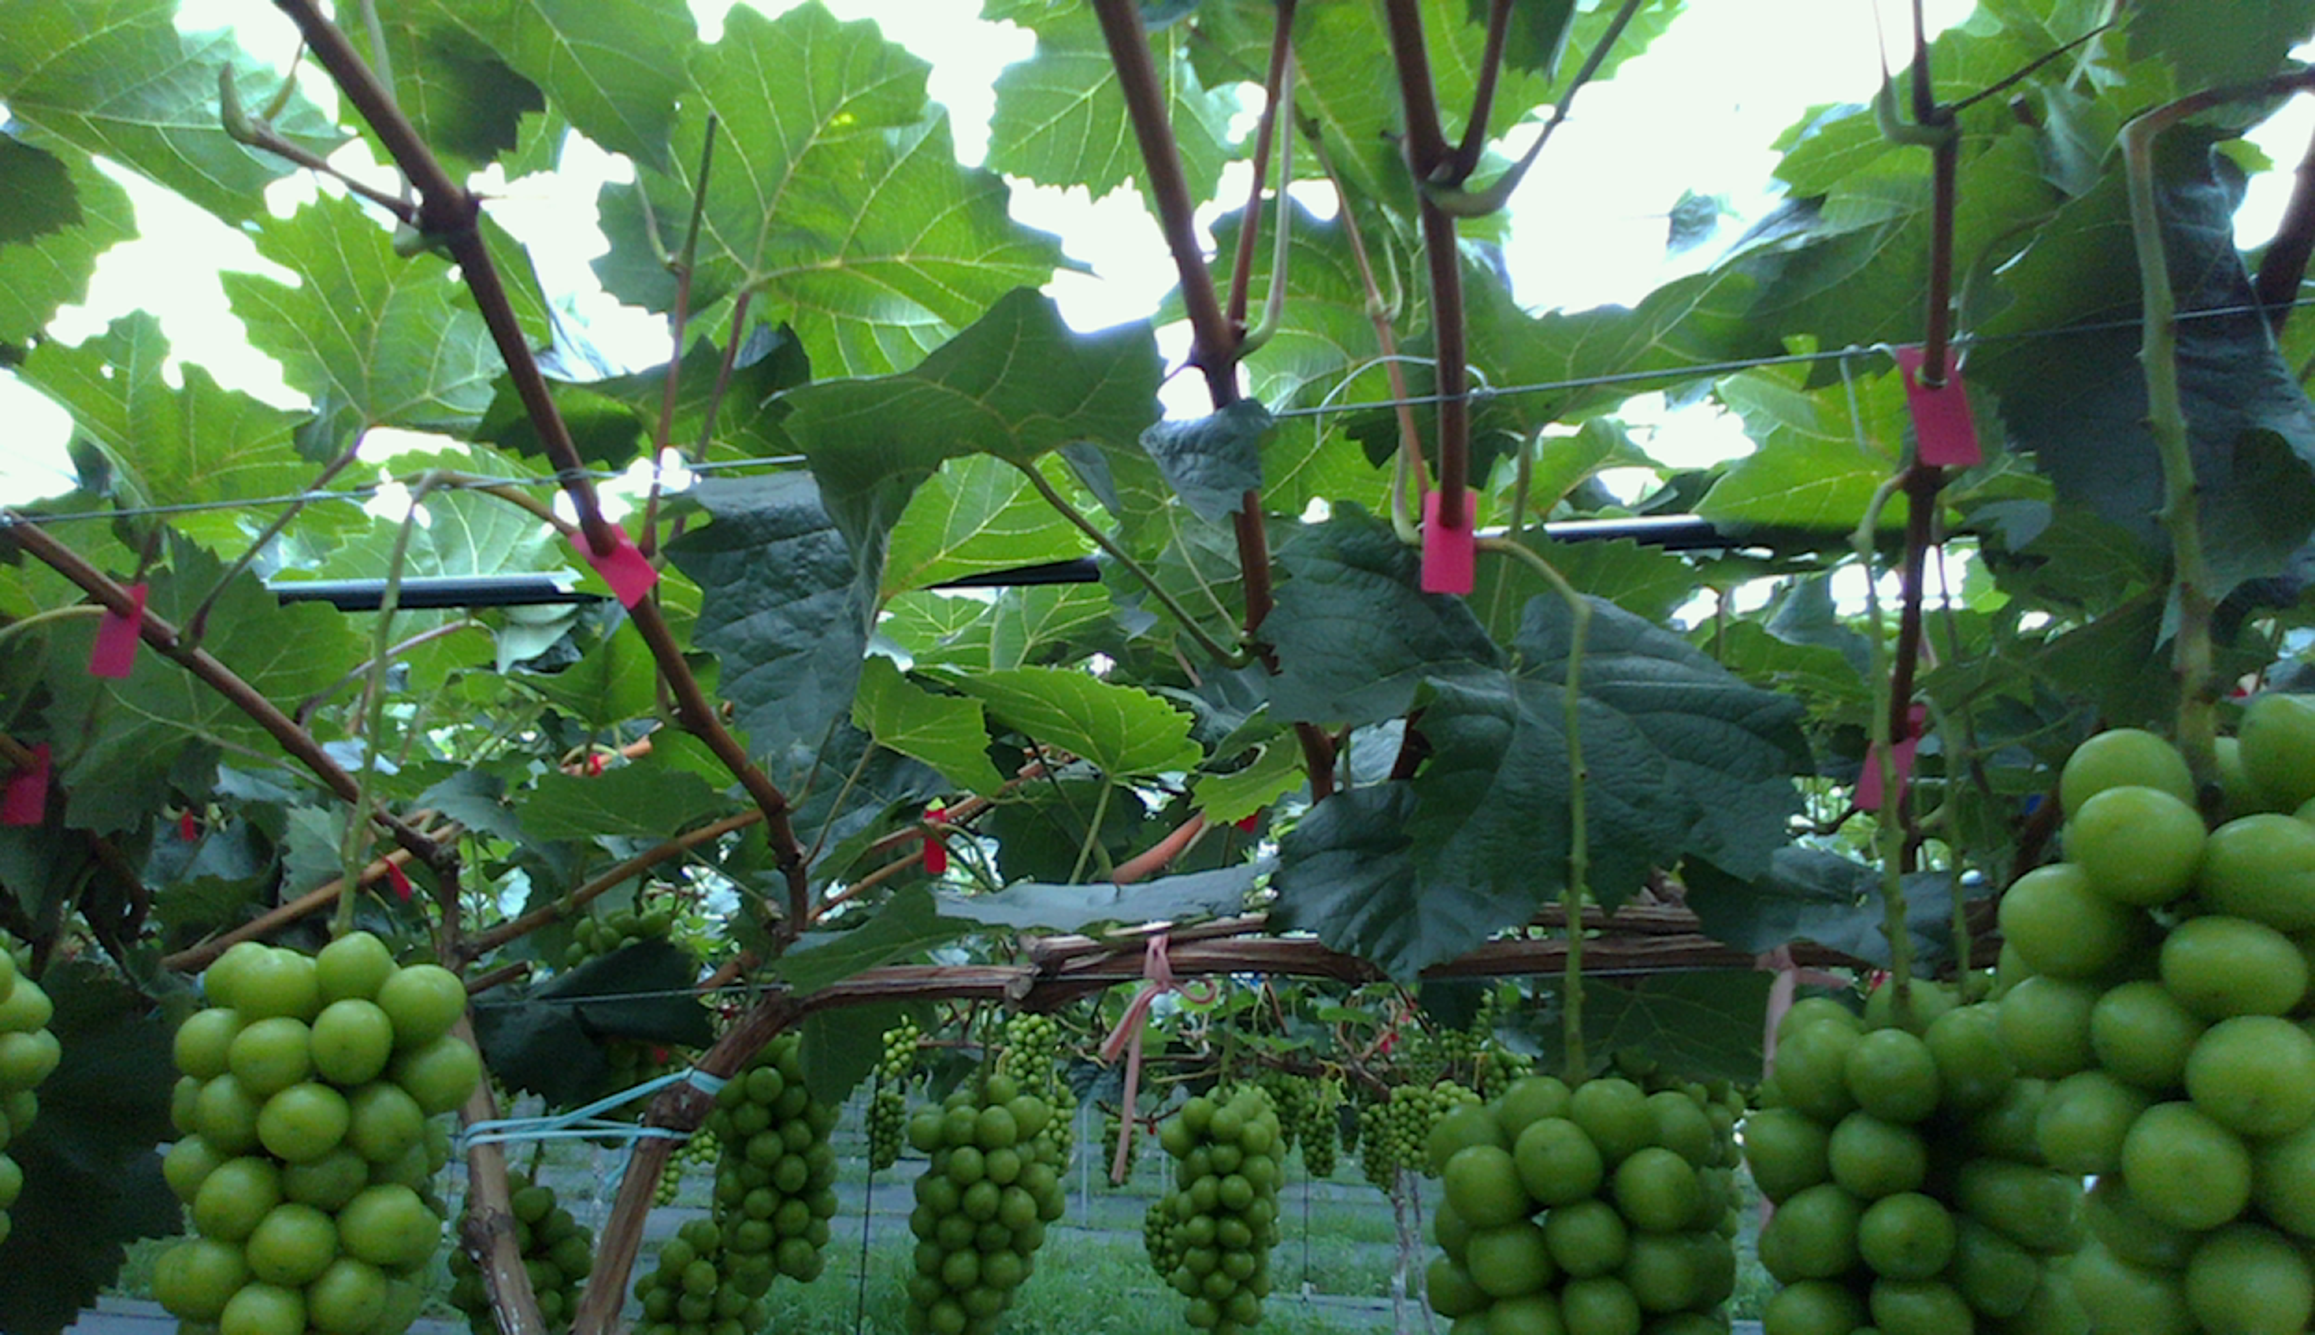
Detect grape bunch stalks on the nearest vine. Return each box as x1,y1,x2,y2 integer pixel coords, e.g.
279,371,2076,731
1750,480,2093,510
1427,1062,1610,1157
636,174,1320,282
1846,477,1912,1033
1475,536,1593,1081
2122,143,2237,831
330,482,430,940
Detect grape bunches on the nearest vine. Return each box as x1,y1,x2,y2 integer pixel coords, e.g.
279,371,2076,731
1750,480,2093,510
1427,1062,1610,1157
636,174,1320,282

───

> _REQUIRED WORK_
Please write the material out again exactly as shown above, minus any pictures.

> _WRITTEN RESPONSE_
Detect grape bunch stalks on the nearest vine. Return each box as x1,y1,x2,y2 integer pixel coords, e.g.
279,371,2076,731
1750,480,2093,510
1427,1062,1610,1157
636,174,1320,282
1846,477,1912,1033
1475,536,1593,1081
2122,143,2237,831
330,482,430,940
Detect grape bunches on the nearest vine. Return each box as x1,y1,x2,y2 integer pixel coords, e.g.
279,371,2076,731
1750,480,2093,510
1427,1062,1610,1157
636,174,1320,282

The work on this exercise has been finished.